Member of the National Assembly for Gironde's 8th constituency
- Incumbent
- Assumed office 21 June 2017
- Preceded by: Yves Foulon

Personal details
- Born: 16 December 1968 (age 57) Bordeaux, France
- Party: Renaissance
- Alma mater: University of Bordeaux Kedge Business School

= Sophie Panonacle =

French politician (born 1968)

Sophie Panonacle (/fr/; born 16 December 1968) is a French politician who has represented the 8th constituency of the Gironde department in the National Assembly as a member of Renaissance (RE, formerly La République En Marche!) since 2017.

==Biography==
Sophie Panonacle is the daughter of Guy Dupiol, himself the son of a Spanish immigrant and a communist activist. Guy Dupiol, a retired Air Force officer, was mayor of Saint-Symphorien, Gironde from 1995 to 2020. After two years (1988-1989) at the Montesquieu University, she spent 1990 to 1993 working part-time to pay for her studies, completing a BTS in executive secretarial studies and the equivalent of today's professional bachelor's degree in commercial management at the Bordeaux Business School.

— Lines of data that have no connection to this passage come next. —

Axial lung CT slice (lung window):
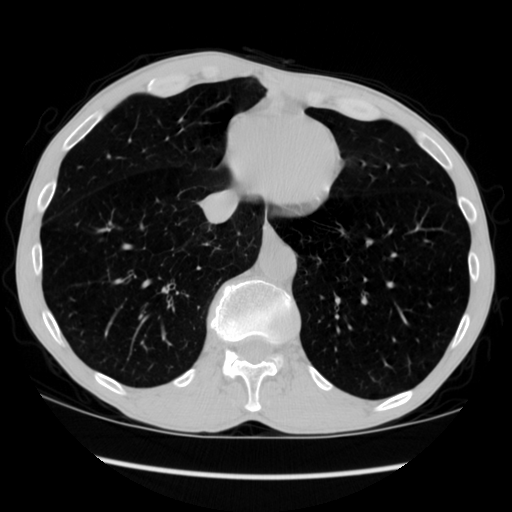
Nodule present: no
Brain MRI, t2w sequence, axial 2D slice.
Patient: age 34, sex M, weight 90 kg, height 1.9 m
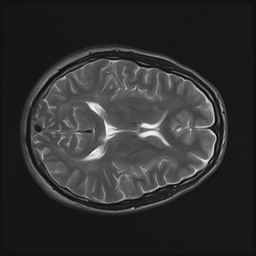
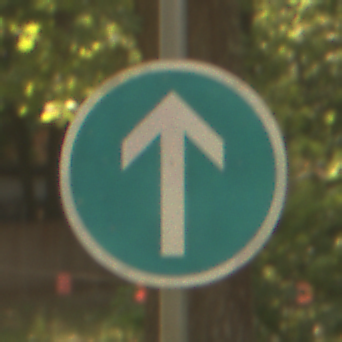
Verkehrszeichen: VorgeschriebeneFahrtrichtungGeradeaus
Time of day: Midday
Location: Outdoor (Nature)
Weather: PartlyCloudy
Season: NotSpecified
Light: Natural
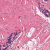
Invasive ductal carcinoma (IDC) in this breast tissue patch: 0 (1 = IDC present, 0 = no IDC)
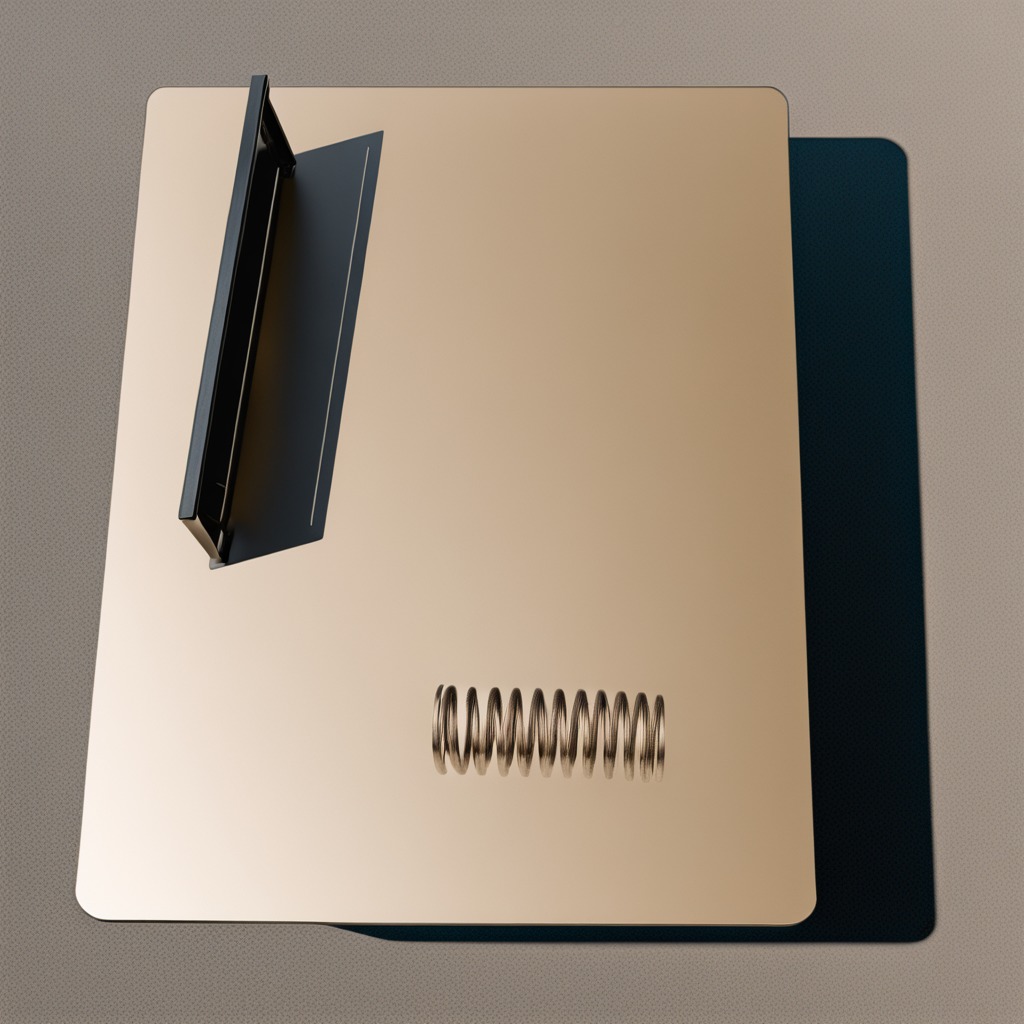
A coiled metal spring is lying on the table.
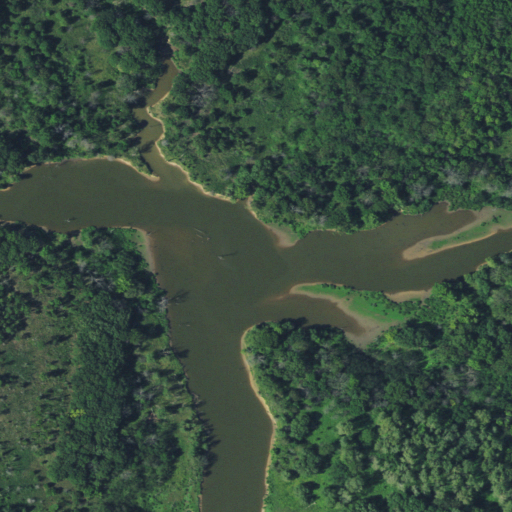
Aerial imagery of valley in Oklahoma named Cedar Canyon containing deciduous forest, open water, shrub, and grassland
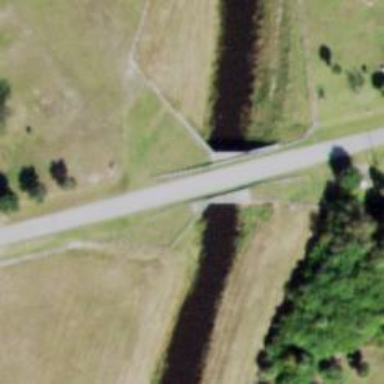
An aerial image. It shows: Canal.
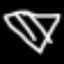
Label: diamond
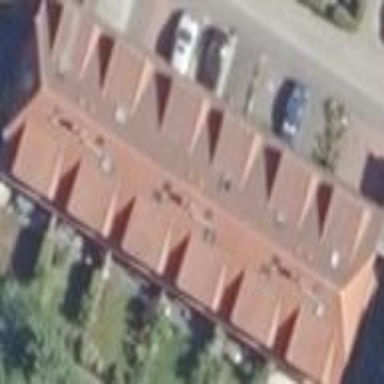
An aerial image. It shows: Terrace building.
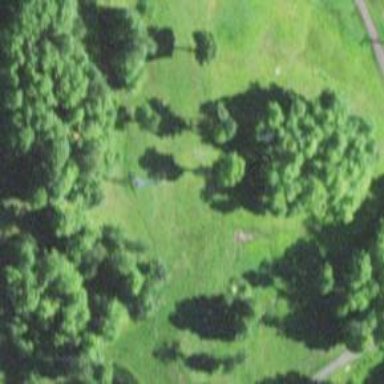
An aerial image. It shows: Service road used as golf cart path.
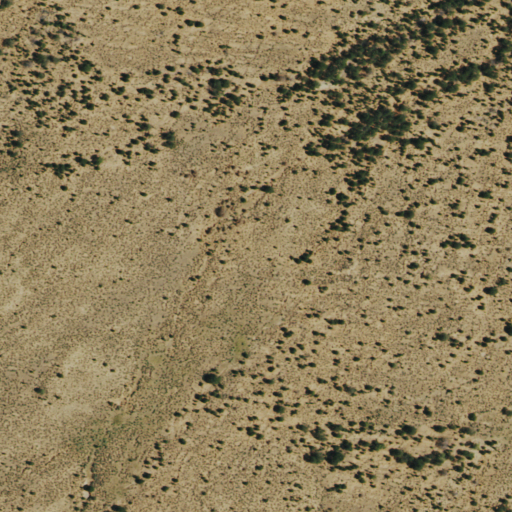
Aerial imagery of cliff(s) in Colorado named Peach Orchard Point containing shrub and evergreen forest
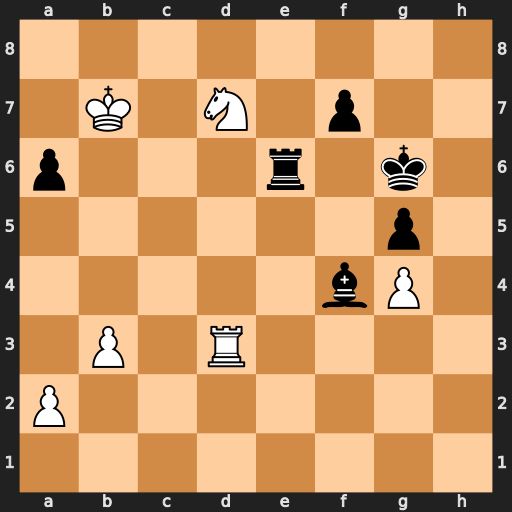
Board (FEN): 8/1K1N1p2/p3r1k1/6p1/5bP1/1P1R4/P7/8
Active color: w
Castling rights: -
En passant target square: -
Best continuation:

After completing her studies, she joined the Seppa communications agency in 1997, which specializes in the public sector and is managed by Christian Panonacle. Panonacle, born on April 12, 1952, was a former parliamentary assistant to Michel Sainte-Marie, the Socialist Party deputy mayor of Mérignac, Gironde, who was also his high school physics and chemistry teacher. He founded the agency in 1981 and sold it to Xavier Pineau.

Sophie Dupiol married her boss in 1999. In 2000, she joined the agency's events department and worked on launching Bordeaux's first “Salon de l'Environnement” (Environment Fair). In 2001, following the birth of their son Hugo, the couple moved to Arcachon. Together with her husband, she initially ran a hotel and restaurant (“L'Escale du Bassin” in Arcachon). Their son Hugo was admitted to Sciences Po.

Her husband, Christian Panonacle, ran in the 2020 municipal elections in Arcachon under the LREM banner. Coming in fourth in the first round, he won a seat on the municipal council in the opposition.